I have been enjoying the conversations arising from Mary Kendricks'
request for feedback for her research, and am extra motivated to get
my two cents in after reading Michael Barber's recommendation to
listen to Dr. Jernigan's "Dishwashing Tapes" seminar (I found the link
at http://www.nfb.org/nfb/Audio-Video_Center.asp), which I'm sure I've
heard before, but revisiting items like these is always great.

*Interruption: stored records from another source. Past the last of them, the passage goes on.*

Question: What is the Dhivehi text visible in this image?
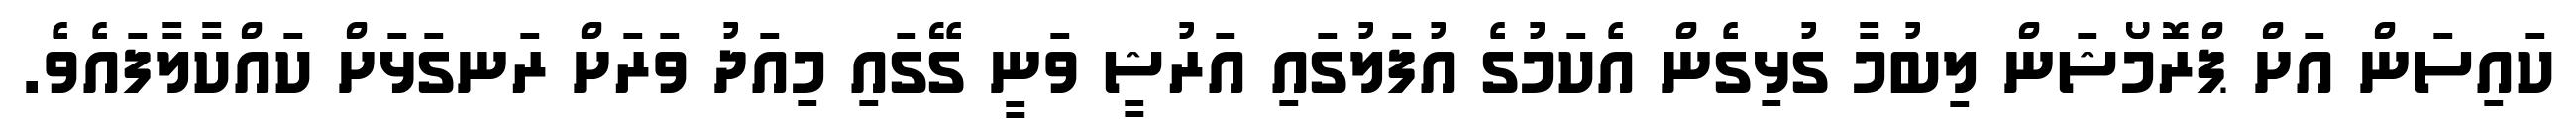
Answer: ކައިސަން އަށް ޕްރޮމޯޝަން ލިބުމާ ގުޅިގެން އެކަމުގެ އުފަލުގައި އަރުޝީ ވަނީ ގޭގައި މިއަދު ވަރަށް ރަނގަޅަށް ކައްކާލާފައެވެ.
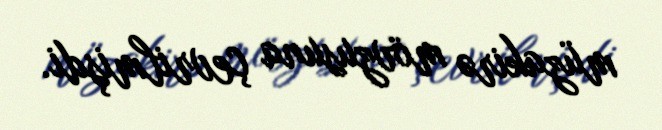
müzakirə mövzusuna çevrilmişdi.
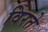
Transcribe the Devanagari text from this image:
विरते
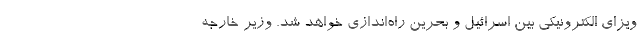
ویزای الکترونیکی بین اسرائیل و بحرین راه‌اندازی خواهد شد. وزیر خارجه
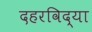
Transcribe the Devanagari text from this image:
दहरविद्या
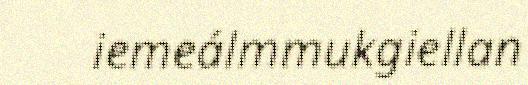
iemeálmmukgiellan
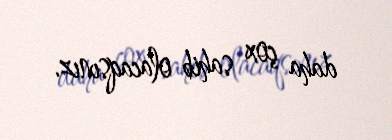
daha çox sahib olacaqsınız.
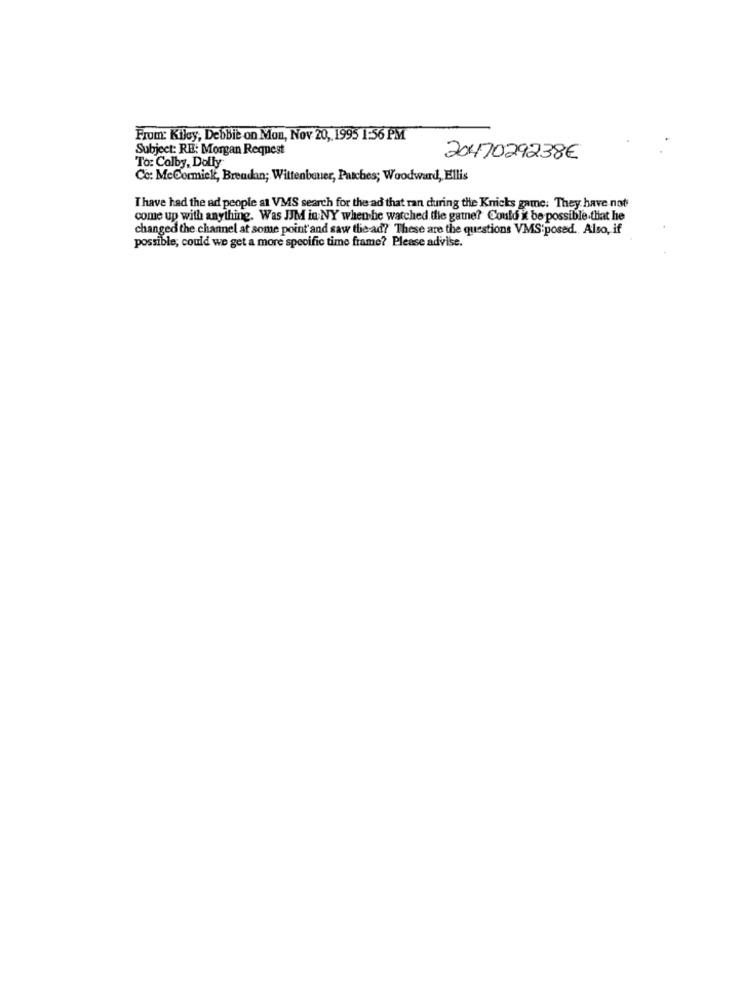
From: Kiley, Debbie on Mon, Nov 20, 1995 1:56 PM
Subject: RE: Morgan Request
To: Colby, Dolly
2047029238€
Co: McCormick, Breadan; Wittenbauer, Patches; Woodward, Ellis
T have had the ad people at VMS search for the ad that ran during the Knicks game: They have not
come up with anything. Was JJM in NY when he watched tie gatne? Could it be possible.that he
changed the channel at some point and saw the-ad? These are the questions VMS'posed. Also, if
possible; could we get a more specific time frame? Please advise.
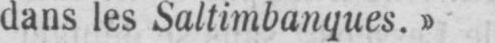
dans les Saltimbanques.»
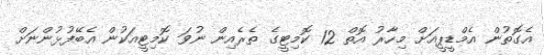
އެގޮތުން އެމްޑީޕީއަށް މިހާރު އޮތް 12 ކޮމިޓީގެ ތެރެއިން ނުވަ ކޮމިޓީއަކުން އެބޭފުޅުންނަށް
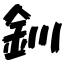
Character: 釧
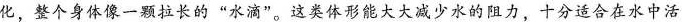
化，整个身体像一颗拉长的”水滴”。这类体形能大大减少水的阻力，十分适合在水中活
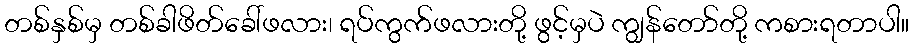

Changing what it means to be blind, for me, is blurring the lines
between and changing people's misperceptions about the discrimination
between "total" and "low-vision".  I have quite a bit of useable
vision and my condition, Stargardts, deteriorated slowly over time.
Consequently, I was never seriously thought of as **blind** and passed
for sighted all of my young adult life.  I struggled through too many
years of college using no adaptive techniques save an old camera lens
used as a magnifying glass.  It wasn't until my early-to-mid twenties
that I miraculously became connected with the Braille Institute and
began to learn about magnification devices, campus DSP services, and
the Department of Rehabilitation.  All this was an improvement, of
course, and the glass ceiling I had come to feel pressed against but
had no idea there was anything I could do about it, loosened a little.
 However, by the time I finished graduate school at nearly 30, I had
chronic headaches, backaches, neck pain and all the other discomfort
and indignity that comes with perpetual stooping and squinting.  And I
was learning to acknowledge the difficult fact that, in all my years
of college, I could never really keep up with the readings.  I didn't
even know how to touch type until my last semester of graduate school.
 So maybe I was doing more than all my sighted friends and family put
together--higher education, international travel, etc., but I knew I
had to work at least twice as hard and still not really keep up with
my peers.  How could I possibly leave the comfortable bubble of
academia and truly have a successful career?  All of the same
insecureties I experienced before acquiring low-vision techniques were
creeping back.

In 2004, in my late twenties, I finally encountered the Federation,
spent quality time with competent blind individuals who were doing
even more ambitious things than I, and realized I had a lot more to
learn.  I attended the Louisiana Center for the Blind in 2007, learned
to use and love JAWS & braille, surprised myself in the woodshop,
conquered my greatest nemesis, cane travel, and learned to consciously
and unconsciously use the rich diversity of non-visual information
that is in the environment all around us.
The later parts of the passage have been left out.